## Task instructions
Exclude the pictures and repeat all of the data exactly.

## Recorded data
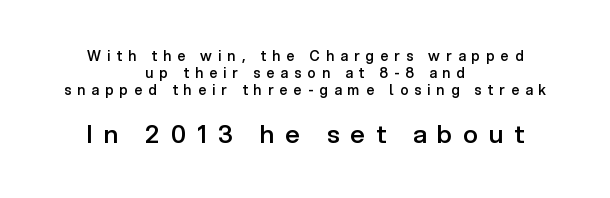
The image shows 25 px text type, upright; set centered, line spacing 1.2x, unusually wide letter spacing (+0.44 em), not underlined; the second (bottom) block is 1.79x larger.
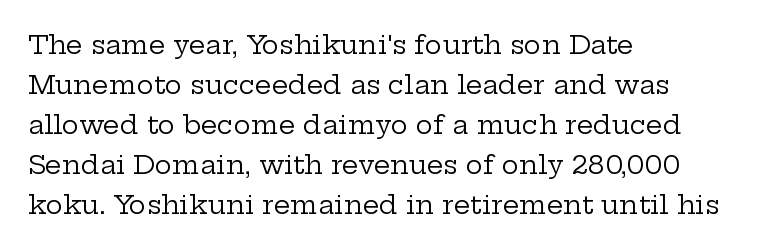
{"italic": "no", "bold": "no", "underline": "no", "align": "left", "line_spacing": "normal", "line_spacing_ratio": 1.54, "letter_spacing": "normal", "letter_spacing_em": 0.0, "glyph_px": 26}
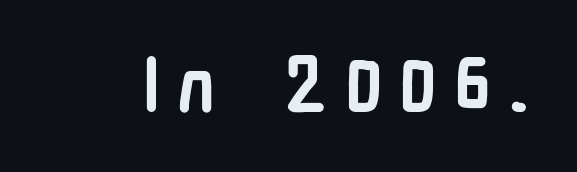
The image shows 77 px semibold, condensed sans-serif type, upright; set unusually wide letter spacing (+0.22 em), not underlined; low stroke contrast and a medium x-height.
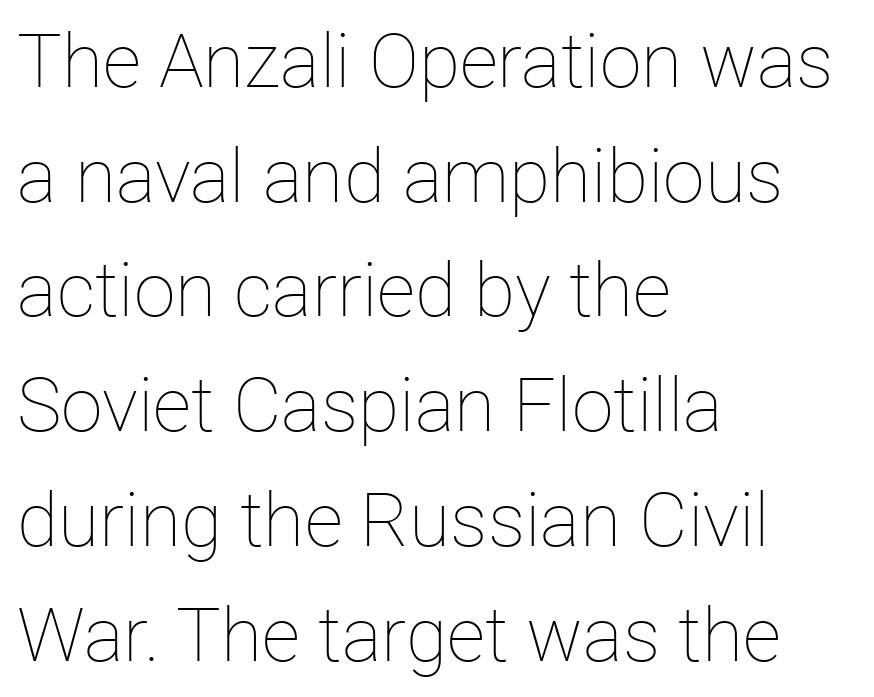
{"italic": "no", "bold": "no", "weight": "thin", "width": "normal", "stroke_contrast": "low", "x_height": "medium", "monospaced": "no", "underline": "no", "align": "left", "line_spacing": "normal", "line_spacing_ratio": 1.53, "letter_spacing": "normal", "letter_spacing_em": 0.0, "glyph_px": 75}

## Worked solution
The image shows 25 px text type, upright; set centered, line spacing 1.2x, unusually wide letter spacing (+0.44 em), not underlined; the second (bottom) block is 1.79x larger.
{"italic": "no", "bold": "no", "underline": "no", "align": "left", "line_spacing": "normal", "line_spacing_ratio": 1.54, "letter_spacing": "normal", "letter_spacing_em": 0.0, "glyph_px": 26}
The image shows 77 px semibold, condensed sans-serif type, upright; set unusually wide letter spacing (+0.22 em), not underlined; low stroke contrast and a medium x-height.
{"italic": "no", "bold": "no", "weight": "thin", "width": "normal", "stroke_contrast": "low", "x_height": "medium", "monospaced": "no", "underline": "no", "align": "left", "line_spacing": "normal", "line_spacing_ratio": 1.53, "letter_spacing": "normal", "letter_spacing_em": 0.0, "glyph_px": 75}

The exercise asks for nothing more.